Comprehensive Investment Case Study: Ittehad Chemicals Limited Pakistan (PSX: ICL)

Executive Summary

Ittehad Chemicals Limited (ICL) represents a compelling investment opportunity in Pakistan’s chemical sector, trading at an attractive valuation with significant earnings catalysts from its expansion initiatives. The company’s strategic investment in three new plants—a biomass power plant, flaker plant, and calcium chloride plant—positions it to overcome persistent energy cost challenges and capture higher-margin export opportunities. While recent government policies have pressured profitability through a 5% “off-the-grid” levy and 23% gas tariff increase, ICL’s transition to grid electricity and future energy self-sufficiency through the biomass plant should restore competitive margins. With the stock trading at a P/E of 7.94x and P/B of 1.07x—below historical averages—and offering a 4.27% dividend yield, ICL presents a favorable risk-reward profile for investors seeking exposure to Pakistan’s industrial sector with significant upside potential to our 12-month price target of PKR 175-250 per share.

1 Company Background

1.1 Corporate History and Positioning

Ittehad Chemicals Limited (ICL) stands as a pioneering force in Pakistan’s chemical manufacturing industry, with roots tracing back to 1962 when it was originally established as United Chemicals by a chemical entrepreneur. The company underwent nationalization in 1971 under the Economic Reforms Order and was subsequently renamed Ittehad Chemicals. After 24 years of state management, the company was privatized in 1995 through the Privatization Commission of the Government of Pakistan. Today, ICL has evolved into one of Pakistan’s largest manufacturers of industrial chemicals, operating from a strategically located 106-acre facility on the GT Road at the 19/20 Kilometer landmark .

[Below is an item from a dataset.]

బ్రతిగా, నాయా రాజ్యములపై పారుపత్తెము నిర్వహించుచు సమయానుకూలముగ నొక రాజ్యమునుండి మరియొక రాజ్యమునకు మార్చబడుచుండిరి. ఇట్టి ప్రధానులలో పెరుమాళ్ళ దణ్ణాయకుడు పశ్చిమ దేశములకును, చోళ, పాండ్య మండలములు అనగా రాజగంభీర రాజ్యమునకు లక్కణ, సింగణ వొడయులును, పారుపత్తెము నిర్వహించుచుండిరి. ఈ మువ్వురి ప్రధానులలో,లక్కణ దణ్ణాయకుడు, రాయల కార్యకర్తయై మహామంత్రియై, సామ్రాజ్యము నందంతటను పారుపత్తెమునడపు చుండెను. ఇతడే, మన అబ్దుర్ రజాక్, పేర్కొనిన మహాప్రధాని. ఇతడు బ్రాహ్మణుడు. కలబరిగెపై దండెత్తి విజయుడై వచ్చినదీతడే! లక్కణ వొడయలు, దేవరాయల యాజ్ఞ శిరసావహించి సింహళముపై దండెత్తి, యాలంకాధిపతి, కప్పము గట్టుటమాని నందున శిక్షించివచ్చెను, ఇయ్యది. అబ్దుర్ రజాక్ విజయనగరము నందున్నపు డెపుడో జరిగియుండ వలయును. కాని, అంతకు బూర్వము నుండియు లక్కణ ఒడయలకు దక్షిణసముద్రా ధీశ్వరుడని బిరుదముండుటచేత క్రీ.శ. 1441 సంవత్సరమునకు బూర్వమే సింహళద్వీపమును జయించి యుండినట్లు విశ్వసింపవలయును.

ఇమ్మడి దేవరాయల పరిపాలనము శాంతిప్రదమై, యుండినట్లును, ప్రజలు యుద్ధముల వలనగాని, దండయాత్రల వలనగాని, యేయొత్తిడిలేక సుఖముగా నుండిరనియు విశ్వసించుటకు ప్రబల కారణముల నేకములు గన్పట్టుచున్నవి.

1.2 Product Portfolio and Capacity

ICL boasts a diversified product range centered around chlor-alkali products and surfactants, which serve critical functions across various industries including textiles, pharmaceuticals, water treatment, and agriculture. The company’s main products include:

  • Caustic Soda (Liquid 31%/50%, Flakes) – 150,000 MT annual capacity
  • LABSA (Linear Alkyl Benzene Sulphonic Acid) – 70,000 MT annual capacity
  • Sodium Hypochlorite – Production capacity not specified
  • Liquid Chlorine – Used in 60% of all commercial chemistry and 95% of agrochemical applications
  • Hydrochloric Acid – Production capacity not specified
  • Calcium Chloride – 30,000 MT annual capacity
  • SLES (Sodium Lauryl Ether Sulfate) – Part of the 70,000 MT surfactant capacity 2

The company’s production capabilities are distributed across four major plants, with the recent expansion of its LABSA plant to 70,000 metric tons per annum in 2022 significantly enhancing its revenue potential .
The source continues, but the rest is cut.